Free public transport has been in the news a lot this Autumn, with extensions or possible expansions confirmed in three areas: the Balearic islands, Iowa City, and Brazil.

Free public transport for residents will continue in Majorca until at least 2026, according to Euro Weekly News. The article outlines that Majorca, one of the Balearic islands, has had free public transport since 2022. The local government on the islands says that the amount allocated to them by the Government, €63 million, is not nearly enough to keep running the public transport for free, and they are asking for more money from the government, closer to €150 million. According to the academic terminology, residents-only free public transport is called “targetted free public transport” and is a form of “partial free public transport”.

Buses have been free in Iowa City, on an extremely successful 2-year pilot since August 2023, as this article in the New York Times says. The pilot programme has now been extended for another year, until August 2026, as the city estimates that people have driven “1.8 million fewer miles” since the pilot began. The programme was combined with an increase in buses and rationalisation of some routes. The NYT article contains lots of positive details, such as the reported improvement in working conditions for bus drivers, and the importance of making buses “convenient and appealing,” as well as free, as “We have 70-some years of marketing telling everyone that personal vehicles are great, and the ticket to freedom. Bus ridership doesn’t have that same kind of P.R. arm around it.”
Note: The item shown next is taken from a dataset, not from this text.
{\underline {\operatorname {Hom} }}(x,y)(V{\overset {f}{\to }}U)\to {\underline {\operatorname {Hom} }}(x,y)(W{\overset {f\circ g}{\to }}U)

In Brazil, which has been leading the free public transport implementation for a few years now (with it implemented in 120+ cities), the president Lula de Silva has commissioned studies on how nationwide free public transport could be introduced. The finance minister is quoted in this article in FT Infra as saying “(Lula) knows this issue is important for workers, the environment, and urban mobility”, but won’t introduce it in 2026 or 2027. It’s clear that UK politicians have a lot of catching up to do.

Published 15th December 2025.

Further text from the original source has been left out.